Vasa Park and its “park aunties” came to play an important role in this regard. That was Astrid’s term for the mothers around her age, especially Alli Viridén and Elsa Gullander, whom she got to know in 1934–35, when they would go for walks with their strollers and sit on the benches around the playground in Vasa Park. Her first meeting with Alli Viridén, Astrid Lindgren later recalled, gave little indication that they would become friends. Alli’s little girl, named Margareta but never called anything but Matte, seemed unusually precocious, and Astrid asked one day how old she was. Her mother’s answer was so guarded that Astrid promised herself she would never approach her again. But a few days afterward they began talking and took a stroll around the park with their strollers, chatting about children, family, and society.

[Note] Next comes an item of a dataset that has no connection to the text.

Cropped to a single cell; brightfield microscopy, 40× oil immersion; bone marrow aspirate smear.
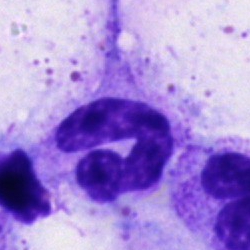Showing a stab cell.

Gradually these walks around the park became a tradition, continuing—eventually without the strollers—for nearly sixty years. By that point their daughters had long since grown up, of course, and had children of their own, but Alli and Astrid, who both lived near the rolling park with its rock formations and dense, ancient trees, kept arranging to meet there, among new generations of parents and children. Such trips had their own predetermined choreography, recalls Karin Nyman. Astrid, coming from Dalagatan, approached the park from the east, while Alli approached from the west, through St. Eriksplan and Atlas; they always met in the middle, where the wide gravel paths crossed, between the old candelabra-shaped linden trees and the playground.